Critical Reflections: Innovation, AI, and the Windows 11 Value Proposition
The 24H2 update stands as both a showcase of Microsoft’s technical ambition and a field test for its ongoing bet on agents, natural language, and system recovery automation.Strengths
- Integration of AI: Beyond simple widgets, AI is increasingly a core part of the Settings experience, content flows, and business productivity, yielding a more responsive and proactive OS.
- Granular Control and Privacy Respect: The regionalized Recall controls, user-initiated resets, and one-time export codes look like meaningful progress on user sovereignty—a must-have as regulatory scrutiny increases.
- Self-Healing OS: Quick Machine Recovery exemplifies the “it just works” future—where systemic breaks are quietly fixed, not left to user escalation.
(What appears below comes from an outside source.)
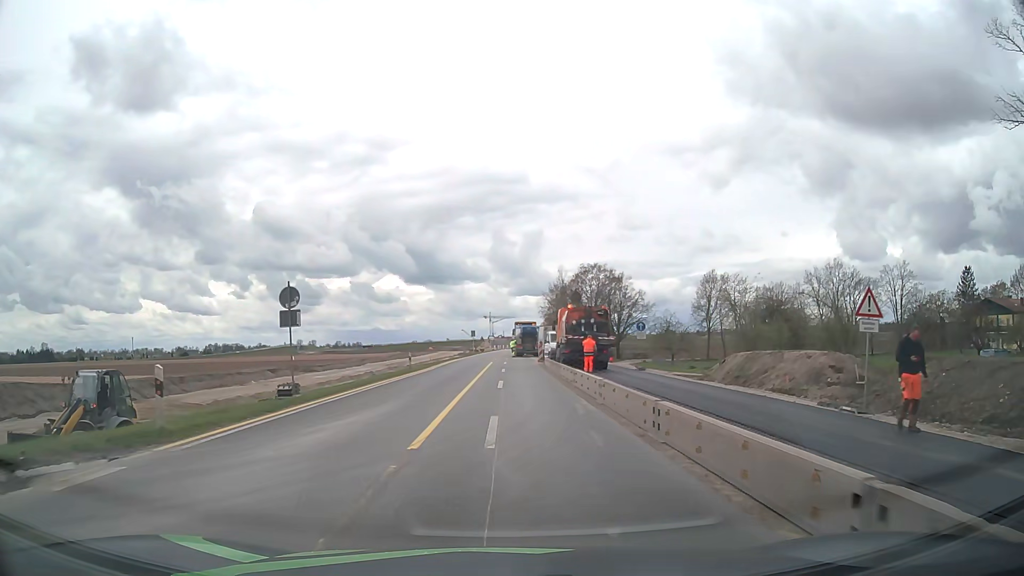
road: motorway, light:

- Usability and Accessibility: Reading Coach, Immersive Reader, Teams integration, and Gamepad keyboard show Microsoft doesn’t just chase new code but revisits feature gaps for underserved users.
Weaknesses and Risks
- Feature Rollout Fragmentation: Many headline enhancements still require Copilot+ PCs and even specific processors (for now, mainly Snapdragon). This creates a two-tier Windows experience that may frustrate early-adopting Intel and AMD users.
- Opaque AI Execution: While Microsoft claims that most AI processing for Settings and Recall happens locally, external audits and in-depth documentation are limited. Tech-savvy users will want to verify precisely how, where, and for how long sensitive data is handled—even if official statements offer reassurance.
- Complexity and Discoverability: Every new integrated feature risks adding “option fatigue” for less experienced users. While agentic search helps, the depth and width of Settings (even unified) remains daunting for the average person.
What’s Next?
Cumulatively, 24H2 cements Windows 11 as a dynamic, adaptable platform—constantly expanding its AI, accessibility, security, and system healing toolkits. Microsoft’s approach is increasingly modular—a mix of cloud assistance, edge AI, and responsive feedback loops. For users, the reward is a more comforting, robust environment; for IT admins, better policy levers and recovery tools; for skeptics, new reasons to reconsider the sheer flexibility of Windows as an everyday workspace.Yet the coming months will tell whether these investments translate to a genuinely smoother user experience—or further complexity masked by iterative design. Privacy, transparency, and clear communication remain as important as technical prowess, especially as Windows becomes more than an OS: it’s now a daily, sometimes AI-guided partner.
Overall, Windows 11 24H2 is a confident step forward—one likely to delight tinkerers, reassure IT, and challenge Microsoft to maintain its breakneck pace and focus on quality for the ever-diversifying Windows audience. For full update notes and rollout monitoring, users are encouraged to check both the Microsoft Update Catalog and official Health Dashboard regularly. As ever, backup before major updates, review feature permissions closely, and explore the new Copilot+, Recall, and recovery features hands-on—they’re changing the way the world experiences the PC.